Ma non solo birra tradizionale: in commercio, infatti, troviamo anche quella senza alcol, prodotta già da tempo e molto apprezzata soprattutto negli ultimi anni. Ma come si fa la birra analcolica e come mai è diventata una bevanda così richiesta e consumata? Scopriamolo insieme in questo articolo.
Le antiche origini della birra e il trend di quella analcolica
Prima di approfondire la conoscenza della birra analcolica, è bene sapere che le origini della birra sono antichissime. Gli studi condotti in merito alla sua nascita fanno risalire la prima produzione di bevande fermentate a partire dai cereali all’epoca degli Assiro-Babilonesi e Sumeri. Il consumo di questa bevanda si è poi diffuso dalla Mesopotamia in Egitto, e la birra ha iniziato a essere conosciuta e consumata dai Greci, Romani e Celti. Le tappe successive, che portano all’ulteriore produzione e espansione della birra in Europa e nel resto del mondo, sono numerose, fino ad arrivare alla commercializzazione industriale dei giorni nostri e all’invenzione nel secolo scorso di quella “senza alcol”. Il mercato di quest’ultima, secondo un’indagine della società di ricerche di mercato Global Market Insights, nel 2019 ha superato i 9,5 miliardi di dollari (quasi otto miliardi di euro) e si stima che, entro il 2026, registrerà una crescita annua superiore al 7,5% e raggiungerà un valore superiore a 22 miliardi di dollari.
Birra alcolica e analcolica a confronto: cosa dice la normativa
Quindi, dalla Mesopotamia, con la nascita della prima birra, all’“invenzione” di quella analcolica. Ma quali sono le differenze tra le due tipologie? Secondo la normativa vigente, la denominazione «birra» è riservata al prodotto ottenuto “dalla fermentazione alcolica con ceppi di Saccharomyces carlsbergensis o di Saccharomyces cerevisiae di un mosto preparato con malto anche torrefatto di orzo o frumento o di loro miscele ed acqua, amaricato con luppolo suoi derivati o con entrambi”. Sempre la stessa legge, invece definisce la «birra analcolica» come “il prodotto con grado saccarometrico o zuccherino in volume inferiore a 3 e non superiore a 8”, dove per grado saccarometrico si intende la quantità di zuccheri presenti nel mosto prima della fermentazione. Non esiste una precisa corrispondenza tra grado alcolico e grado zuccherino, ma in modo approssimativo si considera che a 3 gradi saccarometrici corrisponda 1 grado alcolico. Più la percentuale del volume alcolico della birra aumenta, più alto sarà il grado saccarometrico.
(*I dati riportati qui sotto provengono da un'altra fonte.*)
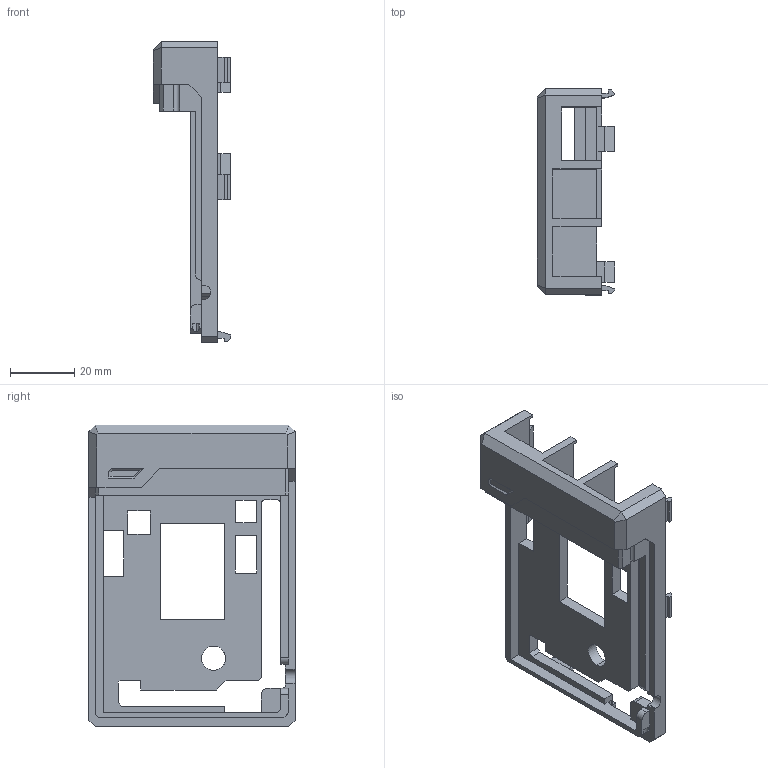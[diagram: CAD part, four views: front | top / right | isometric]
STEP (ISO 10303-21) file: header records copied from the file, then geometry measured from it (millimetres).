
FILE_DESCRIPTION (( 'STEP AP214' ), '1' );
FILE_NAME ('笢褲.STEP', '2023-05-08T10:18:03', ( '' ), ( '' ), 'SwSTEP 2.0', 'SolidWorks 2022', '' );
FILE_SCHEMA (( 'AUTOMOTIVE_DESIGN' ));
Length unit declared in the file: millimetre
Products named in the file (1): 中壳
Bounding box: 24 x 64.2 x 94 mm (x, y, z)
Volume: 25357.4 mm3; surface area: 17781 mm2
Topology: 1 solids, 1 shells, 258 faces, 763 edges, 501 vertices
Faces by surface type: plane 215, cylinder 35, cone 8
Entity records: 8529 total; most frequent: CARTESIAN_POINT 1531, ORIENTED_EDGE 1518, DIRECTION 1353, EDGE_CURVE 759, LINE 675, VECTOR 675, VERTEX_POINT 501, AXIS2_PLACEMENT_3D 339
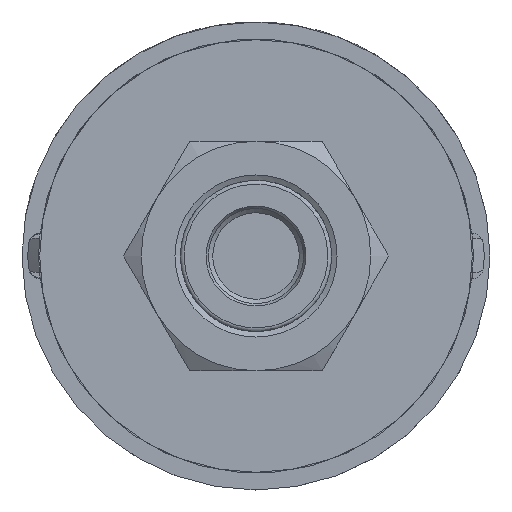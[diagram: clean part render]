
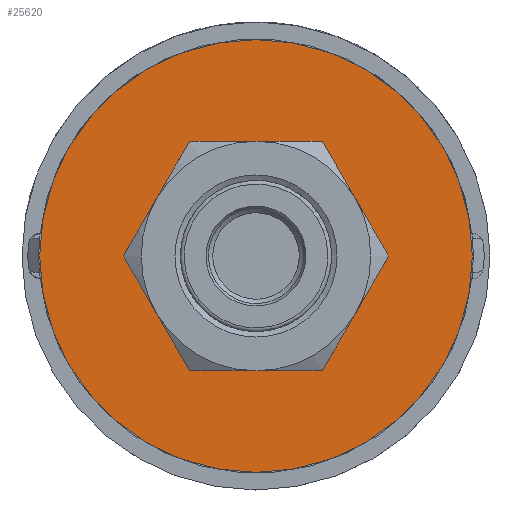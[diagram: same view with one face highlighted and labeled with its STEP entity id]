
A CAD part, front view. The second image highlights one B-rep face of the part: STEP entity #25620.
In plain terms, the highlighted planar face has unit normal (0, -1, 0).
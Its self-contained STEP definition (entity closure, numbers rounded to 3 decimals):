
#25578=CARTESIAN_POINT('',(36.555,86.568,-20.428));
#25579=VERTEX_POINT('',#25578);
#25580=CARTESIAN_POINT('',(36.555,86.568,-26.828));
#25581=DIRECTION('',(0.0,1.0,0.0));
#25582=DIRECTION('',(0.0,0.0,1.0));
#25583=AXIS2_PLACEMENT_3D('',#25580,#25581,#25582);
#25584=CIRCLE('',#25583,6.4);
#25585=EDGE_CURVE('',#25579,#25579,#25584,.T.);
#25601=CARTESIAN_POINT('',(36.555,86.568,-10.915));
#25602=DIRECTION('',(0.0,-1.0,0.0));
#25603=DIRECTION('',(-1.0,0.0,0.0));
#25604=AXIS2_PLACEMENT_3D('',#25601,#25602,#25603);
#25605=PLANE('',#25604);
#25606=CARTESIAN_POINT('',(36.555,86.568,-1.403));
#25607=VERTEX_POINT('',#25606);
#25608=CARTESIAN_POINT('',(36.555,86.568,-26.828));
#25609=DIRECTION('',(0.0,1.0,0.0));
#25610=DIRECTION('',(0.0,0.0,1.0));
#25611=AXIS2_PLACEMENT_3D('',#25608,#25609,#25610);
#25612=CIRCLE('',#25611,25.425);
#25613=EDGE_CURVE('',#25607,#25607,#25612,.T.);
#25614=ORIENTED_EDGE('',*,*,#25613,.F.);
#25615=EDGE_LOOP('',(#25614));
#25616=FACE_OUTER_BOUND('',#25615,.T.);
#25617=ORIENTED_EDGE('',*,*,#25585,.T.);
#25618=EDGE_LOOP('',(#25617));
#25619=FACE_BOUND('',#25618,.T.);
#25620=ADVANCED_FACE('',(#25616,#25619),#25605,.T.);

La birra analcolica, quindi, presenta un bassissimo contenuto alcolico, ma non ne è totalmente priva: la percentuale d’alcol ammessa, affinché la birra in commercio possa essere etichettata come ‘analcolica’, varia da Paese a Paese. In Italia, ad esempio, la percentuale massima consentita è dell’1,3 %, in Germania dello 0,5%, mentre negli Stati Uniti addirittura dello 0,4%.
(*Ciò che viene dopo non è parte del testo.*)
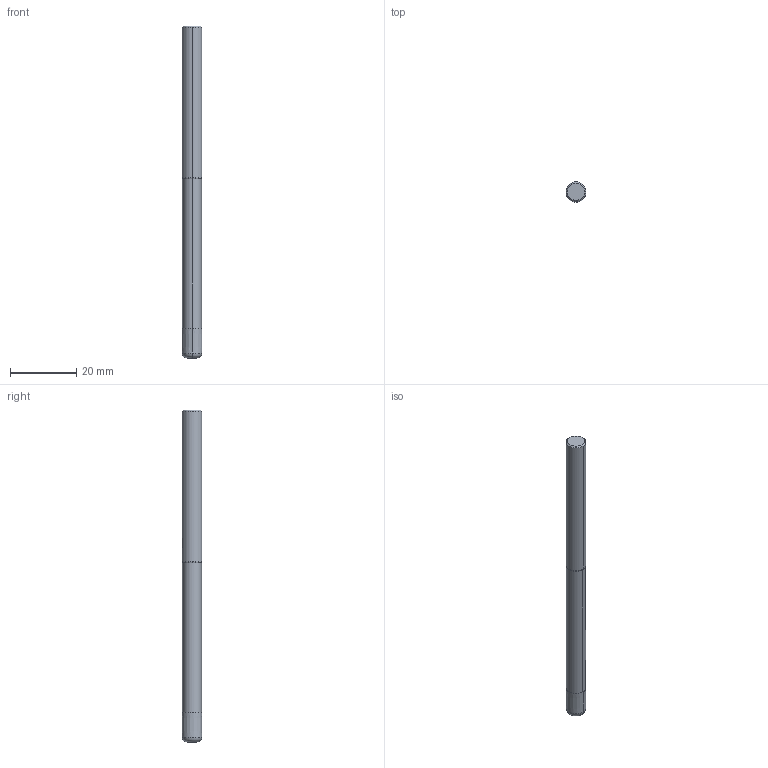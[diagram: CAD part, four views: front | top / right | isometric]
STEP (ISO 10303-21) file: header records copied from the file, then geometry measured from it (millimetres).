
FILE_DESCRIPTION(('no description'),'unknown implementation level');
FILE_NAME('solid_q485Gk8tb09QywOpibBdmCn2wA_1.STP',' ',('CIM GmbH Aachen'),('CADClick - KiM GmbH - www.kimweb.de'),'unknown preprocess','ACIS','unknown authorization');
FILE_SCHEMA(('automotive_design'));
Length unit declared in the file: millimetre
Products named in the file (2): 1; 2
Bounding box: 6 x 6 x 100 mm (x, y, z)
Volume: 2734 mm3; surface area: 1951.5 mm2
Topology: 2 solids, 2 shells, 31 faces, 75 edges, 48 vertices
Faces by surface type: plane 12, cylinder 11, cone 6, torus 2
Entity records: 2029 total; most frequent: CARTESIAN_POINT 375, DIRECTION 162, STYLED_ITEM 156, PRESENTATION_STYLE_ASSIGNMENT 156, COLOUR_RGB 156, ORIENTED_EDGE 150, EDGE_CURVE 75, CURVE_STYLE 75

Così come la classica birra, però, anche per la birra analcolica gli ingredienti per ottenerla sono: orzo, malto, cereali, luppolo, lieviti e acqua. Ma come si fa a privare il prodotto dall’alcool?
Come si fa la birra analcolica?
La produzione della birra tradizionale alcolica conta diverse fasi che sono sufficientemente complesse: ci si può dilettare a produrla in casa, come vi abbiamo spiegato nel nostro approfondimento, ma si tratta di una filiera molto articolata. Detto questo, focalizziamo la nostra attenzione unicamente sulla fermentazione. Per avviare il processo fermentativo nel mosto, ottenuto durante i primi passaggi di lavorazione dei cereali e addizionato del luppolo, viene inoculato il lievito starter, che andrà a consumare il residuo di zuccheri per trasformarli in alcol etilico, vasta gamma di aromi secondari e anidride carbonica. A questa fase si deve prestare particolarmente attenzione per bilanciare la gradazione alcolica e l’anidride carbonica al fine di ottenere poi il prodotto desiderato, che però deve subire ulteriori lavorazioni prima di essere considerato pronto da bere.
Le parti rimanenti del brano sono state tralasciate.